SPECIAL TERMS AND CONDITIONS FOR IDD 0050 SERVICES

  1. These Terms and Conditions shall govern the registration of IDD 0050 rate plan(s) ("Plan") as provided by the Company from time to time.
  2. These terms and conditions shall be subject to the General Terms and Conditions of the Company and the Customer agrees to abide by all the terms and conditions stated therein as may be in force from time to time.
    Unless otherwise provided, terms used herein bear the same meanings as per the General Terms and Conditions of the Company.
  3. Customers who have successfully registered under any Plan shall be entitled to enjoy the rates provided hereunder for making outbound overseas voice calls and/or faxes through IDD 0050 in Hong Kong. The Company reserves the right to terminate any Plan at any time and/or vary the rates and all such applicable terms hereunder from time to time without prior notice and/or giving any reason therefore.
  4. The Company shall normally take not more than 7 business days to process the registration of any plan. Unless otherwise agreed by the Company, any Plan shall not used in the conjunction with other Plans or other special offers as may be offered by the Company from time to time. Successful registration of any Plan shall super cede all other Plans of IDD 0050 (if applicable) previously registered with the Company.

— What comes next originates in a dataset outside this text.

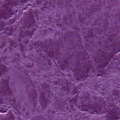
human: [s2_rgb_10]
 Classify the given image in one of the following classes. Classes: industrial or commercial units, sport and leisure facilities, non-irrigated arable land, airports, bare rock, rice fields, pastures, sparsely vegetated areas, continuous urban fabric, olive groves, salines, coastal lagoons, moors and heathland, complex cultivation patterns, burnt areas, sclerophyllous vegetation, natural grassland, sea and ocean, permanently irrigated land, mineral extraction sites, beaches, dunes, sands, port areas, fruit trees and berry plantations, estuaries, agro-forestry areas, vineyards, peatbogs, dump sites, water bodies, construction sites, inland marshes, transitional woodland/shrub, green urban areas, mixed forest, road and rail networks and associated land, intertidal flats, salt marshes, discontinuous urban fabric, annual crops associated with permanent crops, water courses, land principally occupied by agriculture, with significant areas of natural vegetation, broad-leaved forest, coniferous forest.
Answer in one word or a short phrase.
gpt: sea and ocean

  5. Customers may change to other Plan from time to time subject to the approval of the Company. The Company shall normally take not more than 7 business days to process the registration for change of Plans.

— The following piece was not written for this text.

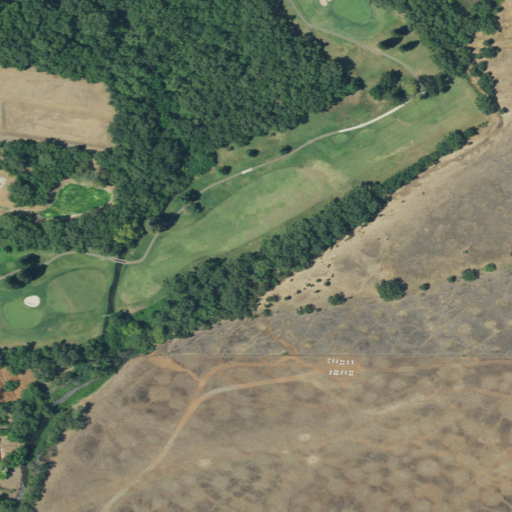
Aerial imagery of valley in California named Crouch Ravine containing open development, grassland, low intensity development, and shrub

    The effective date of such registration shall be subject to the billing cycle for that Customer in which the relevant Plan is successfully registered which shall super cede all Plans of IDD 0050 previously registered with the Company. The Customer agrees to be bound by those terms and conditions (as may from time to time be in force) of such Plan upon acceptance by the Company of the relevant registration.
  6. The Customer agrees that unless otherwise expressly provided no unused "free minutes/hour/talk time" (if any) as specified in the Application, tariff or service plan selected by the Customer (or otherwise allotted to the Customer) may be carried forward to the following month and that no credit or refund is available in respect of any time when all or part of the Services are inoperable, limited, suspended, or otherwise unavailable to the Customer.

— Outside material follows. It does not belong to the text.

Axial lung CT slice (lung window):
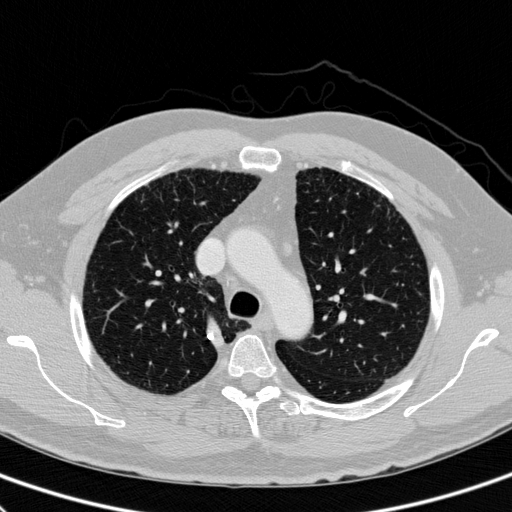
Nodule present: no

  7. The Company reserves all its right and final discretion to terminate the registration of any Plan of any Customer without giving any reason therefore. The decision of the Company shall be final and conclusive.
    All rights and benefits incidental to the registration under any Plan shall cease immediately upon the termination of such registration for any reasons whatsoever.
  8. "Business Day" means Mondays to Fridays in Hong Kong except public holiday.
  9. Notices in relation to the Plan of IDD 0050 may be given to the Customers in any manner whatsoever as the Company considers appropriate.
  10. In case of any dispute in relation to the Plan, the Company's decision shall be final and conclusive.